Where in the data below does the word "Schwester" appear? Copy every line that has it.

>>>>

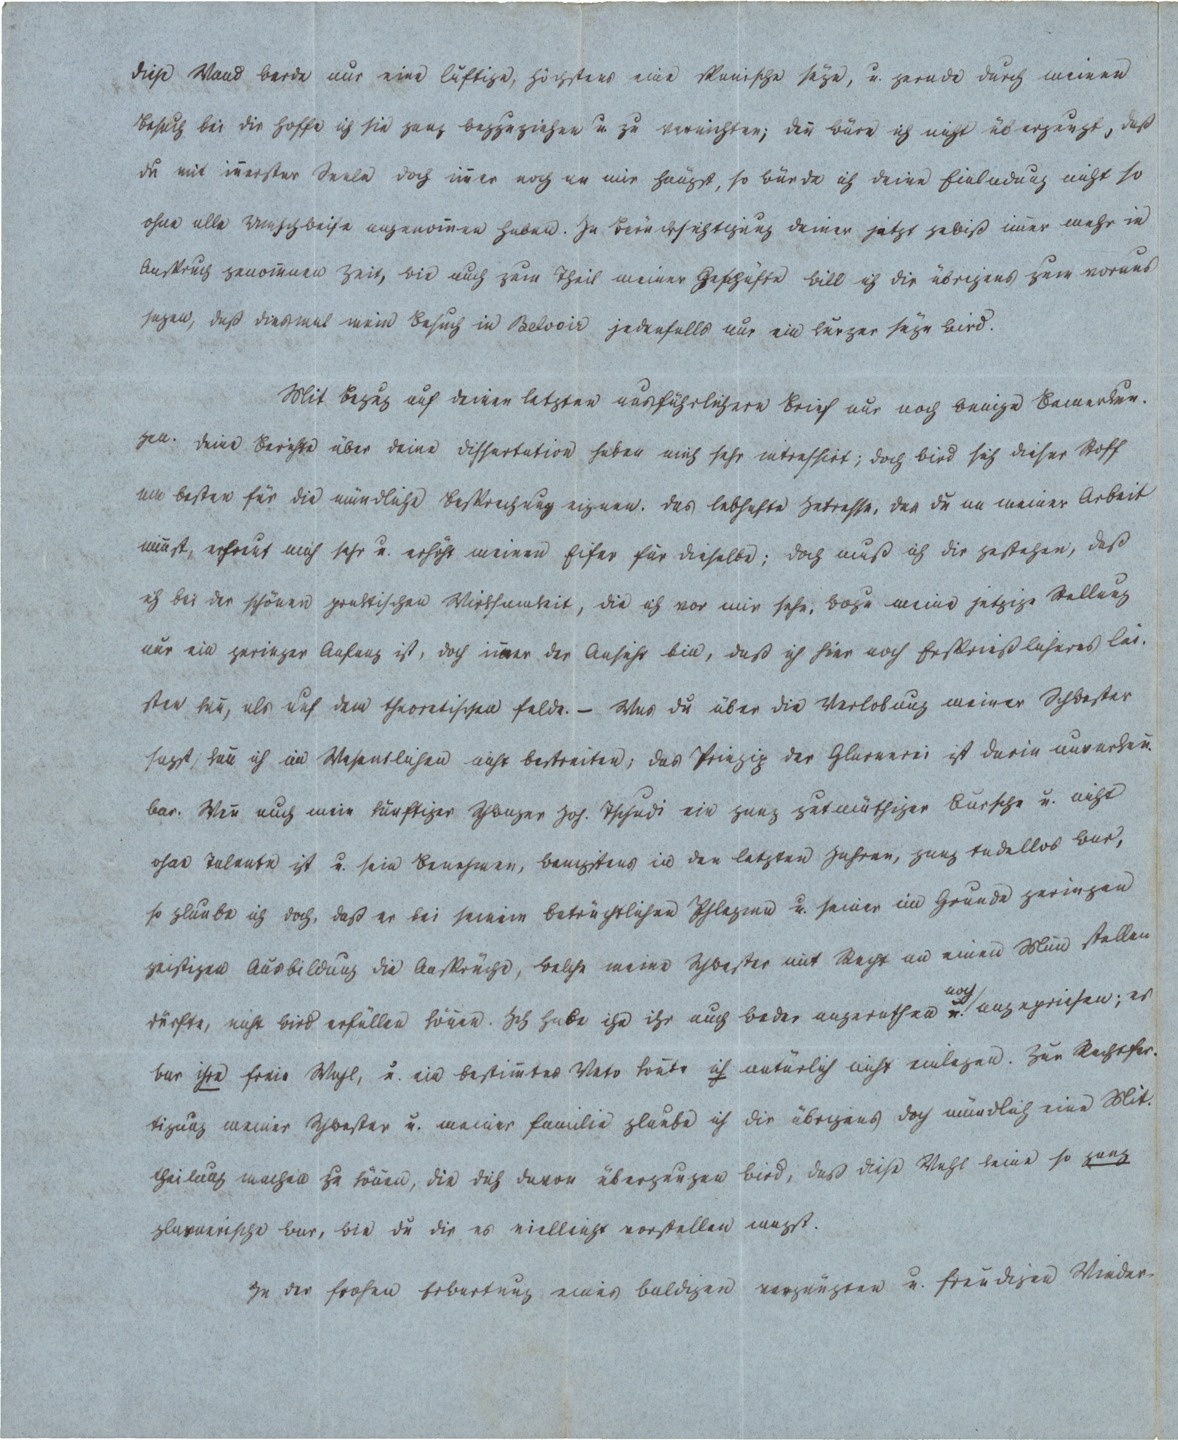diese Wand werde nur eine luftige, höchstens eine spanische seyn, u. gerade durch meinen
Besuch bei dir hoffe ich sie ganz wegzuziehen u. zu vernichten; denn wäre ich nicht überzeugt, daß
du mit innerster Seele doch immer noch an mir hängst, so würde ich deine Einladung nicht so
ohne alle Umschweife angenommen haben. In Berücksichtigung deiner jetzt gewiß immer mehr in
Anspruch genommnen Zeit, wie auch zum Theil meiner Geschäfte will ich dir übrigens zum voraus
sagen, daß diesmal mein Besuch in Belvoir jedenfalls nur ein kurzer seyn wird.
Mit Bezug auf deinen letzten ausführlichen Brief nur noch wenige Bemerkun-
gen. Deine Berichte über deine Dissertation haben mich sehr intressirt; doch wird sich dieser Stoff
am besten für die mündliche Besprechung eignen. Das lebhafte Intresse, das du an meiner Arbeit
nimmst, erfreut mich sehr u. erhöht meinen Eifer für dieselbe; doch muß ich dir gestehen, daß
ich bei der schönen praktischen Wirksamkeit, die ich vor mir sehe, wozu meine jetzige Stellung
nur ein geringer Anfang ist, doch immer der Ansicht bin, daß ich hier noch Ersprießlicheres lei-
sten kann, als auf dem theoretischen Felde. – Was du über die Verlobung meiner Schwester
sagst, kann ich im Wesentlichen nicht bestreiten; das Prinzip der Glarnerei ist darin unverkenn-
bar. Wenn auch mein künftiger Schwager Joh. Tschudi ein ganz gutmüthiger Bursche u. nicht
ohne Talente ist u. sein Benehmen, wenigstens in den letzten Jahren, ganz tadellos war,
so glaube ich doch, daß er bei seinem beträchtlichen Phlegma u. seiner im Grunde geringen
geistigen Ausbildung die Ansprüche, welche meine Schwester mit Recht an einen Mann stellen
dürfte, nicht wird erfüllen können. Ich habe ihn ihr auch weder angerathen u.noch angepriesen; es
war ihre freie Wahl, u. ein bestimmtes Veto konnte ich natürlich nicht einlegen. Zur Rechtfer-
tigung meiner Schwester u. meiner Familie glaube ich dir übrigens doch mündlich eine Mit-
theilung machen zu können, die dich davon überzeugen wird, daß diese Wahl keine so ganz
glarnerische war, wie du dir es vielleicht vorstellen magst.
In der frohen Erwartung eines baldigen vergnügten u. freudigen Wieder-

<<<<

▶ [SOLUTION FOR THIS EXERCISE]
sten kann, als auf dem theoretischen Felde. – Was du über die Verlobung meiner Schwester
geistigen Ausbildung die Ansprüche, welche meine Schwester mit Recht an einen Mann stellen
tigung meiner Schwester u. meiner Familie glaube ich dir übrigens doch mündlich eine Mit-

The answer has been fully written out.